### EXERCISE DESCRIPTION
Look through the data that follows and copy each line with the string "side".

=== Begin Enclosure ===

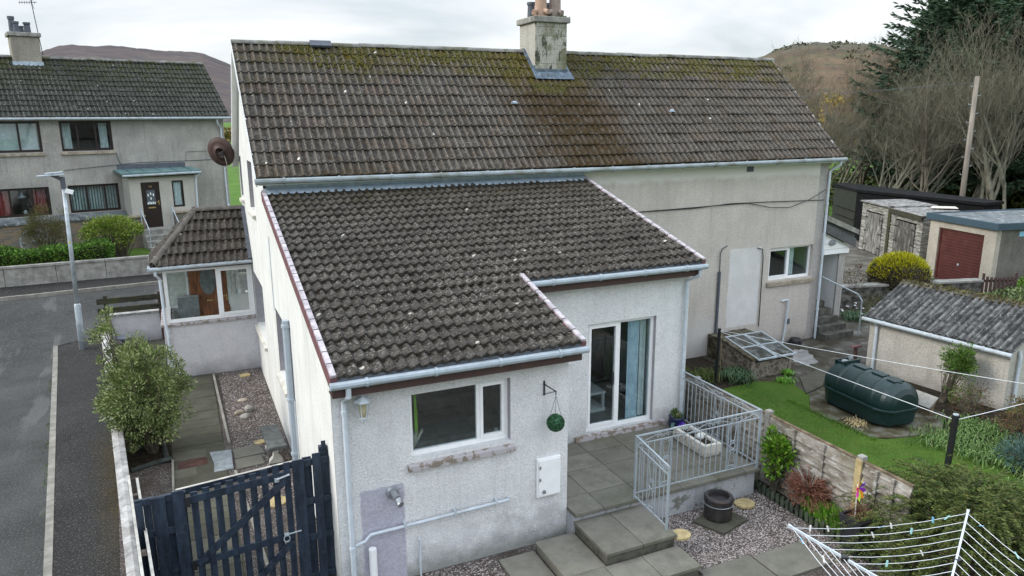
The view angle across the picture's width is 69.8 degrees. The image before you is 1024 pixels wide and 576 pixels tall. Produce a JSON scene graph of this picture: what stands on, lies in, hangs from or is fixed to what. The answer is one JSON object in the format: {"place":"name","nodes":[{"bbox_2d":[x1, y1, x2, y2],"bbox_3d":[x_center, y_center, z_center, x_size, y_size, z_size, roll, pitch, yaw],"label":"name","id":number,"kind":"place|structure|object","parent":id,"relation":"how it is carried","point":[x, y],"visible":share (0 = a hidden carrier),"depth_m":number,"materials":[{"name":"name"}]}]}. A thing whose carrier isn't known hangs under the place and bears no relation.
{"place":"outdoors","nodes":[
{"label":"outdoors","id":0,"kind":"place"},
{"bbox_2d":[0,269,245,296],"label":"pavement","id":1,"kind":"structure","parent":0,"point":[28,289],"depth_m":25.16,"materials":[{"name":"concrete"}]},
{"bbox_2d":[0,255,161,287],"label":"front garden wall","id":2,"kind":"structure","parent":1,"relation":"on","point":[34,274],"depth_m":25.37,"materials":[{"name":"concrete"}]},
{"bbox_2d":[0,276,256,575],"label":"road","id":3,"kind":"structure","parent":0,"point":[33,331],"depth_m":17.20,"materials":[{"name":"asphalt"}]},
{"bbox_2d":[41,44,230,121],"bbox_3d":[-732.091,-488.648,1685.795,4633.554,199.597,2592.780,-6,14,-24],"label":"hill","id":4,"kind":"structure","parent":0,"point":[218,71],"depth_m":1745.56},
{"bbox_2d":[114,378,171,471],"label":"side soil","id":5,"kind":"structure","parent":0,"point":[136,459],"depth_m":14.43,"materials":[{"name":"soil"}]},
{"bbox_2d":[83,305,197,454],"bbox_3d":[-7.095,1.827,14.149,1.937,3.064,1.986,-6,14,-24],"label":"variegated bush","id":6,"kind":"object","parent":5,"relation":"on","point":[143,418],"visible":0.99,"depth_m":13.97,"materials":[{"name":"green plant"}]},
{"bbox_2d":[128,441,171,472],"bbox_3d":[-7.076,3.283,14.303,0.735,0.120,1.075,-8,15,-31],"label":"timber edging","id":7,"kind":"object","parent":5,"relation":"on","point":[166,458],"visible":0.83,"depth_m":14.09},
{"bbox_2d":[127,248,164,255],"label":"front lawn","id":8,"kind":"structure","parent":0,"point":[139,251],"depth_m":29.14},
{"bbox_2d":[17,203,74,249],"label":"dormant shrub","id":9,"kind":"object","parent":8,"relation":"on","point":[39,224],"visible":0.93,"depth_m":27.21,"materials":[{"name":"brown plant"}]},
{"bbox_2d":[0,237,115,271],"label":"privet hedge","id":10,"kind":"object","parent":8,"relation":"on","point":[12,256],"visible":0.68,"depth_m":25.53,"materials":[{"name":"green plant"}]},
{"bbox_2d":[76,213,145,256],"bbox_3d":[-14.933,-1.825,27.458,2.344,1.945,2.241,-6,14,-24],"label":"privet shrub","id":11,"kind":"object","parent":8,"relation":"on","point":[121,236],"visible":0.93,"depth_m":27.19,"materials":[{"name":"green plant"}]},
{"bbox_2d":[52,318,257,575],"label":"pavement","id":12,"kind":"structure","parent":0,"point":[86,529],"depth_m":13.60,"materials":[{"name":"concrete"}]},
{"bbox_2d":[36,171,85,349],"bbox_3d":[-12.370,-0.625,20.432,0.824,5.169,0.278,-6,14,-24],"label":"street lamp","id":13,"kind":"object","parent":12,"relation":"on","point":[78,314],"visible":0.98,"depth_m":20.45,"materials":[{"name":"metal"}]},
{"bbox_2d":[118,462,171,575],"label":"gravel strip","id":14,"kind":"object","parent":12,"relation":"on","point":[155,480],"visible":0.33,"depth_m":13.28,"materials":[{"name":"gravel"}]},
{"bbox_2d":[127,475,154,575],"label":"side fence","id":15,"kind":"object","parent":14,"relation":"on","point":[143,552],"visible":0.89,"depth_m":9.15,"materials":[{"name":"blue paint"}]},
{"bbox_2d":[214,367,336,575],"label":"gravel bed","id":16,"kind":"object","parent":12,"relation":"on","point":[219,379],"visible":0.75,"depth_m":15.46,"materials":[{"name":"gravel"}]},
{"bbox_2d":[260,424,286,463],"bbox_3d":[-4.630,3.066,14.292,0.341,0.425,1.138,-7,15,-25],"label":"stone bench","id":17,"kind":"object","parent":16,"relation":"on","point":[275,442],"visible":1,"depth_m":14.06,"materials":[{"name":"stone"}]},
{"bbox_2d":[172,374,246,575],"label":"garden path","id":18,"kind":"structure","parent":0,"point":[200,433],"depth_m":14.67,"materials":[{"name":"concrete"}]},
{"bbox_2d":[172,371,269,575],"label":"path edging","id":19,"kind":"object","parent":18,"relation":"on","point":[266,562],"visible":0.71,"depth_m":14.87,"materials":[{"name":"concrete"}]},
{"bbox_2d":[210,450,233,471],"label":"pale paving slab","id":20,"kind":"structure","parent":18,"relation":"on","point":[222,460],"depth_m":14.14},
{"bbox_2d":[0,0,927,64],"label":"sky","id":21,"kind":"structure","parent":0,"point":[733,28],"materials":[{"name":"white"}]},
{"bbox_2d":[5,122,1022,569],"bbox_3d":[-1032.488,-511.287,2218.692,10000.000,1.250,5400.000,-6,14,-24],"label":"ground","id":22,"kind":"structure","parent":0,"point":[233,184],"depth_m":56.87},
{"bbox_2d":[43,346,57,575],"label":"kerb","id":23,"kind":"structure","parent":22,"relation":"on","point":[48,551],"depth_m":13.49,"materials":[{"name":"concrete"}]},
{"bbox_2d":[0,16,230,250],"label":"terraced house","id":24,"kind":"structure","parent":22,"relation":"on","point":[124,137],"depth_m":30.46,"materials":[{"name":"paint"}]},
{"bbox_2d":[0,121,45,156],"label":"window","id":25,"kind":"structure","parent":24,"relation":"in","point":[19,152],"depth_m":28.45,"materials":[{"name":"clear plastic"}]},
{"bbox_2d":[0,187,51,217],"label":"window","id":26,"kind":"structure","parent":24,"relation":"in","point":[12,215],"depth_m":28.92,"materials":[{"name":"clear glass"}]},
{"bbox_2d":[58,121,115,154],"bbox_3d":[-17.221,-6.096,29.756,1.950,1.312,0.210,-11,17,-37],"label":"window","id":27,"kind":"structure","parent":24,"relation":"in","point":[87,150],"depth_m":29.80,"materials":[{"name":"clear plastic"}]},
{"bbox_2d":[67,183,120,212],"bbox_3d":[-17.257,-3.730,30.372,1.850,1.120,0.062,-11,17,-37],"label":"window","id":28,"kind":"structure","parent":24,"relation":"in","point":[104,188],"depth_m":30.39,"materials":[{"name":"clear glass"}]},
{"bbox_2d":[140,182,162,227],"bbox_3d":[-14.965,-3.455,30.527,0.700,1.875,0.090,-11,17,-37],"label":"front door","id":29,"kind":"structure","parent":24,"relation":"in","point":[150,192],"depth_m":30.52,"materials":[{"name":"brown wood"}]},
{"bbox_2d":[100,326,139,575],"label":"boundary wall","id":30,"kind":"structure","parent":22,"relation":"on","point":[127,526],"depth_m":11.37,"materials":[{"name":"stone"}]},
{"bbox_2d":[96,291,164,342],"bbox_3d":[-11.054,0.940,21.387,1.680,1.570,0.140,-6,14,-24],"label":"timber rail fence","id":31,"kind":"object","parent":30,"relation":"on","point":[105,300],"visible":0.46,"depth_m":21.24,"materials":[{"name":"brown wood"}]},
{"bbox_2d":[0,272,253,301],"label":"kerb","id":32,"kind":"structure","parent":22,"relation":"on","point":[45,294],"depth_m":24.86,"materials":[{"name":"concrete"}]},
{"bbox_2d":[109,308,165,343],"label":"corner wall","id":33,"kind":"structure","parent":22,"relation":"on","point":[147,323],"depth_m":21.59,"materials":[{"name":"stone"}]},
{"bbox_2d":[134,440,335,575],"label":"wooden fence","id":34,"kind":"object","parent":22,"relation":"on","point":[169,530],"visible":0.97,"depth_m":10.04,"materials":[{"name":"blue paint"}]},
{"bbox_2d":[185,462,301,575],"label":"garden gate","id":35,"kind":"structure","parent":34,"relation":"attached to","point":[280,481],"depth_m":9.90,"materials":[{"name":"blue paint"}]},
{"bbox_2d":[147,0,862,575],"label":"semi detached house","id":36,"kind":"structure","parent":22,"relation":"on","point":[453,258],"depth_m":15.26,"materials":[{"name":"paint"}]},
{"bbox_2d":[187,269,229,315],"bbox_3d":[-8.277,0.259,20.126,0.980,2.250,0.090,-6,14,-24],"label":"front door","id":37,"kind":"structure","parent":36,"relation":"in","point":[202,283],"depth_m":20.07,"materials":[{"name":"brown wood"}]},
{"bbox_2d":[164,264,255,322],"bbox_3d":[-7.652,0.122,18.622,2.080,1.360,0.076,-6,14,-24],"label":"porch window","id":38,"kind":"structure","parent":36,"relation":"in","point":[251,311],"depth_m":18.75,"materials":[{"name":"white plastic"}]},
{"bbox_2d":[207,137,241,196],"bbox_3d":[-7.645,-3.201,19.468,0.689,1.583,0.725,-11,17,-39],"label":"satellite dish","id":39,"kind":"object","parent":36,"relation":"on","point":[220,151],"visible":0.98,"depth_m":19.19,"materials":[{"name":"black metal"}]},
{"bbox_2d":[408,378,515,472],"bbox_3d":[-0.732,1.915,10.507,1.630,1.132,0.230,-6,14,-24],"label":"window","id":40,"kind":"structure","parent":36,"relation":"in","point":[480,436],"depth_m":10.63,"materials":[{"name":"white plastic"}]},
{"bbox_2d":[536,454,560,497],"bbox_3d":[0.564,2.883,11.230,0.400,0.640,0.094,-6,14,-24],"label":"meter cabinet","id":41,"kind":"object","parent":36,"relation":"attached to","point":[547,475],"visible":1,"depth_m":11.20,"materials":[{"name":"white plastic"}]},
{"bbox_2d":[574,316,665,442],"bbox_3d":[2.085,1.690,14.015,2.050,2.265,0.200,-6,14,-24],"label":"patio door","id":42,"kind":"structure","parent":36,"relation":"in","point":[614,421],"depth_m":14.08,"materials":[{"name":"white plastic"}]},
{"bbox_2d":[766,245,813,286],"bbox_3d":[7.944,-0.661,21.038,1.740,1.092,0.230,-6,14,-24],"label":"window","id":43,"kind":"structure","parent":36,"relation":"in","point":[778,283],"depth_m":21.07,"materials":[{"name":"white plastic"}]},
{"bbox_2d":[566,423,759,533],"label":"patio terrace","id":44,"kind":"structure","parent":22,"relation":"on","point":[600,476],"depth_m":12.61,"materials":[{"name":"concrete"}]},
{"bbox_2d":[673,424,720,456],"bbox_3d":[3.415,2.823,13.602,0.406,0.232,0.940,-6,14,-24],"label":"stone trough","id":45,"kind":"object","parent":44,"relation":"on","point":[697,444],"visible":0.64,"depth_m":13.41,"materials":[{"name":"stone"}]},
{"bbox_2d":[633,371,762,529],"bbox_3d":[3.314,2.694,12.616,1.697,1.231,3.842,6,15,24],"label":"patio railing","id":46,"kind":"object","parent":44,"relation":"on","point":[670,438],"visible":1,"depth_m":12.20,"materials":[{"name":"metal"}]},
{"bbox_2d":[685,356,753,388],"bbox_3d":[4.083,2.294,18.587,3.500,0.001,2.250,-6,14,-24],"label":"shrub bed","id":47,"kind":"object","parent":22,"relation":"on","point":[700,362],"visible":0.25,"depth_m":19.40,"materials":[{"name":"soil"}]},
{"bbox_2d":[712,364,769,387],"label":"strap leaf plant","id":48,"kind":"object","parent":47,"relation":"on","point":[740,374],"visible":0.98,"depth_m":18.29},
{"bbox_2d":[683,373,914,560],"bbox_3d":[3.942,2.586,14.510,0.145,1.490,8.697,-6,14,-24],"label":"panel fence","id":49,"kind":"object","parent":22,"relation":"on","point":[845,471],"visible":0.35,"depth_m":12.18,"materials":[{"name":"wood"}]},
{"bbox_2d":[768,38,841,125],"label":"bare tree","id":50,"kind":"object","parent":22,"relation":"on","point":[811,101],"visible":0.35,"depth_m":48.91,"materials":[{"name":"brown plant"}]},
{"bbox_2d":[803,63,874,215],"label":"bare tree","id":51,"kind":"object","parent":22,"relation":"on","point":[842,127],"visible":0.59,"depth_m":46.74,"materials":[{"name":"brown plant"}]},
{"bbox_2d":[808,83,881,174],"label":"bare tree","id":52,"kind":"object","parent":22,"relation":"on","point":[828,122],"visible":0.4,"depth_m":49.64,"materials":[{"name":"brown plant"}]},
{"bbox_2d":[809,387,944,438],"bbox_3d":[8.106,2.722,16.727,2.750,0.075,3.350,-6,14,-24],"label":"tank base","id":53,"kind":"object","parent":22,"relation":"on","point":[819,403],"visible":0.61,"depth_m":15.86,"materials":[{"name":"concrete"}]},
{"bbox_2d":[823,356,918,425],"bbox_3d":[7.938,2.232,16.303,1.153,1.065,2.006,-5,14,-20],"label":"oil tank","id":54,"kind":"object","parent":53,"relation":"on","point":[871,406],"visible":0.98,"depth_m":15.79,"materials":[{"name":"plastic"}]},
{"bbox_2d":[916,390,937,415],"bbox_3d":[9.124,2.573,16.349,0.270,0.430,0.540,-6,14,-24],"label":"wood box","id":55,"kind":"object","parent":53,"relation":"on","point":[927,401],"visible":0.71,"depth_m":16.22,"materials":[{"name":"concrete"}]},
{"bbox_2d":[837,37,920,186],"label":"bare tree","id":56,"kind":"object","parent":22,"relation":"on","point":[867,142],"visible":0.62,"depth_m":51.81,"materials":[{"name":"brown plant"}]},
{"bbox_2d":[822,55,943,204],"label":"bare tree","id":57,"kind":"object","parent":22,"relation":"on","point":[854,172],"visible":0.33,"depth_m":52.45,"materials":[{"name":"brown plant"}]},
{"bbox_2d":[832,33,950,184],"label":"bare tree","id":58,"kind":"object","parent":22,"relation":"on","point":[862,179],"visible":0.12,"depth_m":55.26,"materials":[{"name":"brown plant"}]},
{"bbox_2d":[840,278,983,308],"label":"stone garden wall","id":59,"kind":"structure","parent":22,"relation":"on","point":[849,299],"depth_m":25.21,"materials":[{"name":"stone"}]},
{"bbox_2d":[861,251,935,290],"bbox_3d":[13.581,-0.501,25.764,2.360,1.666,2.428,-6,14,-24],"label":"golden shrub","id":60,"kind":"object","parent":59,"relation":"on","point":[893,269],"visible":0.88,"depth_m":25.18,"materials":[{"name":"plant"}]},
{"bbox_2d":[824,0,1023,195],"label":"bare tree","id":61,"kind":"object","parent":22,"relation":"on","point":[950,17],"visible":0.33,"depth_m":48.65,"materials":[{"name":"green plant"}]},
{"bbox_2d":[827,168,1023,208],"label":"undergrowth","id":62,"kind":"object","parent":22,"relation":"on","point":[1014,200],"visible":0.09,"depth_m":52.04,"materials":[{"name":"plant"}]},
{"bbox_2d":[869,23,1007,191],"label":"bare tree","id":63,"kind":"object","parent":22,"relation":"on","point":[924,170],"visible":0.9,"depth_m":42.27,"materials":[{"name":"brown plant"}]},
{"bbox_2d":[861,279,1023,410],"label":"outhouse","id":64,"kind":"structure","parent":22,"relation":"on","point":[914,323],"depth_m":17.73,"materials":[{"name":"paint"}]},
{"bbox_2d":[927,0,1023,208],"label":"bare tree","id":65,"kind":"object","parent":22,"relation":"on","point":[985,154],"visible":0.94,"depth_m":40.50,"materials":[{"name":"grey plant"}]},
{"bbox_2d":[941,8,1023,198],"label":"bare tree","id":66,"kind":"object","parent":22,"relation":"on","point":[1002,160],"visible":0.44,"depth_m":43.11,"materials":[{"name":"grey plant"}]},
{"bbox_2d":[961,32,1023,198],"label":"bare tree","id":67,"kind":"object","parent":22,"relation":"on","point":[976,194],"visible":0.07,"depth_m":46.92,"materials":[{"name":"grey plant"}]},
{"bbox_2d":[415,489,888,575],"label":"garden gravel","id":68,"kind":"structure","parent":0,"point":[822,571],"depth_m":11.35,"materials":[{"name":"gravel"}]},
{"bbox_2d":[535,532,605,575],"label":"garden step","id":69,"kind":"object","parent":68,"relation":"on","point":[571,554],"visible":0.95,"depth_m":10.83,"materials":[{"name":"concrete"}]},
{"bbox_2d":[574,504,676,565],"bbox_3d":[1.723,3.886,11.267,1.235,0.461,0.975,-6,14,-24],"label":"garden step","id":70,"kind":"object","parent":68,"relation":"on","point":[618,536],"visible":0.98,"depth_m":11.06,"materials":[{"name":"concrete"}]},
{"bbox_2d":[575,546,701,575],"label":"garden step","id":71,"kind":"object","parent":68,"relation":"on","point":[675,561],"visible":1,"depth_m":10.56,"materials":[{"name":"concrete"}]},
{"bbox_2d":[693,512,747,535],"bbox_3d":[3.415,3.820,12.023,0.721,0.070,0.588,-13,18,-42],"label":"concrete base","id":72,"kind":"object","parent":68,"relation":"on","point":[733,523],"visible":0.71,"depth_m":11.89,"materials":[{"name":"concrete"}]},
{"bbox_2d":[703,489,733,522],"bbox_3d":[3.385,3.574,12.061,0.478,0.385,0.478,-6,14,-24],"label":"plant pot","id":73,"kind":"object","parent":72,"relation":"on","point":[718,504],"visible":1,"depth_m":11.91,"materials":[{"name":"black metal"}]},
{"bbox_2d":[754,479,909,575],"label":"picket edging","id":74,"kind":"object","parent":68,"relation":"on","point":[790,507],"visible":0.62,"depth_m":12.07,"materials":[{"name":"wood"}]},
{"bbox_2d":[787,509,1023,575],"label":"rotary airer","id":75,"kind":"object","parent":68,"relation":"on","point":[957,560],"visible":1,"depth_m":8.20,"materials":[{"name":"metal"}]},
{"bbox_2d":[499,541,830,575],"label":"garden paving","id":76,"kind":"structure","parent":0,"point":[796,558],"depth_m":10.84,"materials":[{"name":"concrete"}]},
{"bbox_2d":[701,308,870,394],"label":"mossy paving","id":77,"kind":"structure","parent":0,"point":[823,357],"depth_m":20.82,"materials":[{"name":"stone"}]},
{"bbox_2d":[707,328,796,378],"bbox_3d":[6.300,1.702,19.566,1.560,0.875,2.080,-6,14,-24],"label":"cold frame","id":78,"kind":"object","parent":77,"relation":"on","point":[738,352],"visible":0.88,"depth_m":19.00,"materials":[{"name":"stone"}]},
{"bbox_2d":[800,366,829,393],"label":"concrete path","id":79,"kind":"structure","parent":0,"point":[812,381],"depth_m":18.38,"materials":[{"name":"concrete"}]},
{"bbox_2d":[758,42,900,148],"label":"hill","id":80,"kind":"structure","parent":0,"point":[832,56],"depth_m":254.74,"materials":[{"name":"plant"}]},
{"bbox_2d":[757,479,904,575],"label":"flower bed","id":81,"kind":"object","parent":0,"point":[785,497],"visible":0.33,"depth_m":12.59,"materials":[{"name":"soil"}]},
{"bbox_2d":[755,425,800,494],"bbox_3d":[4.626,3.014,12.691,0.735,1.294,0.824,-6,14,-24],"label":"green shrub","id":82,"kind":"object","parent":81,"relation":"on","point":[776,456],"visible":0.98,"depth_m":12.60,"materials":[{"name":"green plant"}]},
{"bbox_2d":[781,464,836,513],"bbox_3d":[4.880,3.254,12.063,0.883,0.692,0.872,5,14,22],"label":"shrub","id":83,"kind":"object","parent":81,"relation":"on","point":[801,483],"visible":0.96,"depth_m":11.98,"materials":[{"name":"plant"}]},
{"bbox_2d":[800,493,845,540],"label":"iris clump","id":84,"kind":"object","parent":81,"relation":"on","point":[823,510],"visible":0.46,"depth_m":11.74,"materials":[{"name":"plant"}]},
{"bbox_2d":[839,495,878,556],"bbox_3d":[5.297,3.546,11.140,0.670,0.891,0.525,-6,14,-24],"label":"tall planter","id":85,"kind":"object","parent":81,"relation":"on","point":[844,515],"visible":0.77,"depth_m":11.02,"materials":[{"name":"black"}]},
{"bbox_2d":[722,381,1023,510],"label":"neighbour lawn","id":86,"kind":"structure","parent":0,"point":[785,392],"depth_m":15.15,"materials":[{"name":"plant"}]},
{"bbox_2d":[805,454,1023,575],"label":"juniper bush","id":87,"kind":"object","parent":86,"relation":"on","point":[991,506],"visible":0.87,"depth_m":10.22,"materials":[{"name":"green plant"}]},
{"bbox_2d":[944,413,958,468],"bbox_3d":[8.223,2.911,13.753,0.156,1.172,0.116,-6,14,-24],"label":"clothes pole","id":88,"kind":"object","parent":86,"relation":"on","point":[952,435],"visible":0.83,"depth_m":13.70,"materials":[{"name":"black plastic"}]},
{"bbox_2d":[936,429,1013,469],"bbox_3d":[9.150,3.167,14.395,1.594,0.168,1.371,7,15,29],"label":"border plant","id":89,"kind":"object","parent":86,"relation":"on","point":[966,450],"visible":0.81,"depth_m":14.38,"materials":[{"name":"green plant"}]},
{"bbox_2d":[842,205,1023,294],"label":"garage yard","id":90,"kind":"structure","parent":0,"point":[864,257],"depth_m":33.44,"materials":[{"name":"concrete"}]},
{"bbox_2d":[858,199,958,260],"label":"garage","id":91,"kind":"structure","parent":90,"relation":"on","point":[891,225],"depth_m":33.22,"materials":[{"name":"grey stone"}]},
{"bbox_2d":[870,213,882,255],"bbox_3d":[17.159,-2.523,34.593,0.042,1.885,0.826,0,13,1],"label":"door","id":92,"kind":"structure","parent":91,"relation":"in","point":[877,223],"depth_m":34.56,"materials":[{"name":"grey wood"}]},
{"bbox_2d":[832,183,1003,240],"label":"black shed","id":93,"kind":"structure","parent":90,"relation":"on","point":[847,203],"depth_m":37.76,"materials":[{"name":"wood"}]},
{"bbox_2d":[846,55,1010,188],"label":"bare tree","id":94,"kind":"object","parent":90,"relation":"on","point":[899,182],"visible":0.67,"depth_m":43.63,"materials":[{"name":"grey plant"}]},
{"bbox_2d":[864,51,1022,189],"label":"bare tree","id":95,"kind":"object","parent":90,"relation":"on","point":[916,171],"visible":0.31,"depth_m":44.40,"materials":[{"name":"brown plant"}]},
{"bbox_2d":[886,52,1023,192],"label":"bare tree","id":96,"kind":"object","parent":90,"relation":"on","point":[939,178],"visible":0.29,"depth_m":44.60,"materials":[{"name":"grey plant"}]},
{"bbox_2d":[959,76,980,196],"bbox_3d":[23.316,-6.495,37.676,0.552,8.403,0.290,-6,14,-24],"label":"telegraph pole","id":97,"kind":"object","parent":90,"relation":"on","point":[966,157],"visible":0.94,"depth_m":37.34,"materials":[{"name":"grey wood"}]},
{"bbox_2d":[926,209,1023,292],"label":"garage","id":98,"kind":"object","parent":90,"relation":"on","point":[972,244],"depth_m":28.07,"materials":[{"name":"paint"}]},
{"bbox_2d":[934,227,984,278],"bbox_3d":[17.422,-1.184,28.589,0.070,2.070,2.148,-3,14,-13],"label":"garage door","id":99,"kind":"structure","parent":98,"relation":"in","point":[959,254],"depth_m":28.62,"materials":[{"name":"metal"}]},
{"bbox_2d":[981,273,1017,295],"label":"gate","id":100,"kind":"structure","parent":90,"relation":"on","point":[1007,280],"depth_m":25.64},
{"bbox_2d":[905,381,1023,478],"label":"plant border","id":101,"kind":"object","parent":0,"point":[941,407],"visible":0.08,"depth_m":16.41,"materials":[{"name":"plant"}]},
{"bbox_2d":[904,422,988,458],"bbox_3d":[8.669,3.066,14.830,1.418,0.168,1.591,-9,16,-33],"label":"border plant","id":102,"kind":"object","parent":101,"relation":"on","point":[931,439],"visible":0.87,"depth_m":14.84,"materials":[{"name":"green plant"}]},
{"bbox_2d":[915,419,994,449],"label":"border plant","id":103,"kind":"object","parent":101,"relation":"on","point":[962,434],"visible":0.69,"depth_m":14.98,"materials":[{"name":"green plant"}]},
{"bbox_2d":[936,341,983,403],"bbox_3d":[10.162,1.964,16.588,0.605,1.508,1.177,-6,14,-24],"label":"climbing rose","id":104,"kind":"object","parent":101,"relation":"on","point":[962,361],"visible":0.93,"depth_m":16.62,"materials":[{"name":"green plant"}]},
{"bbox_2d":[942,378,995,419],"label":"brown shrub","id":105,"kind":"object","parent":101,"relation":"on","point":[965,409],"visible":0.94,"depth_m":16.05,"materials":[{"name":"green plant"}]},
{"bbox_2d":[934,410,1008,438],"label":"border plant","id":106,"kind":"object","parent":101,"relation":"on","point":[971,421],"visible":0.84,"depth_m":15.59,"materials":[{"name":"green plant"}]},
{"bbox_2d":[963,414,1019,442],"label":"border plant","id":107,"kind":"object","parent":101,"relation":"on","point":[993,433],"visible":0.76,"depth_m":15.17,"materials":[{"name":"green plant"}]},
{"bbox_2d":[960,439,1023,476],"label":"border plant","id":108,"kind":"object","parent":101,"relation":"on","point":[998,463],"visible":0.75,"depth_m":13.92,"materials":[{"name":"green plant"}]},
{"bbox_2d":[990,394,1023,440],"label":"berberis shrub","id":109,"kind":"object","parent":101,"relation":"on","point":[1020,429],"visible":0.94,"depth_m":14.87,"materials":[{"name":"brown plant"}]},
{"bbox_2d":[991,432,1023,472],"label":"blue juniper","id":110,"kind":"object","parent":101,"relation":"on","point":[1018,448],"visible":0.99,"depth_m":13.86,"materials":[{"name":"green plant"}]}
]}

=== End Enclosure ===

### RESPONSE TO THE TASK
{"bbox_2d":[114,378,171,471],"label":"side soil","id":5,"kind":"structure","parent":0,"point":[136,459],"depth_m":14.43,"materials":[{"name":"soil"}]},
{"bbox_2d":[127,475,154,575],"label":"side fence","id":15,"kind":"object","parent":14,"relation":"on","point":[143,552],"visible":0.89,"depth_m":9.15,"materials":[{"name":"blue paint"}]},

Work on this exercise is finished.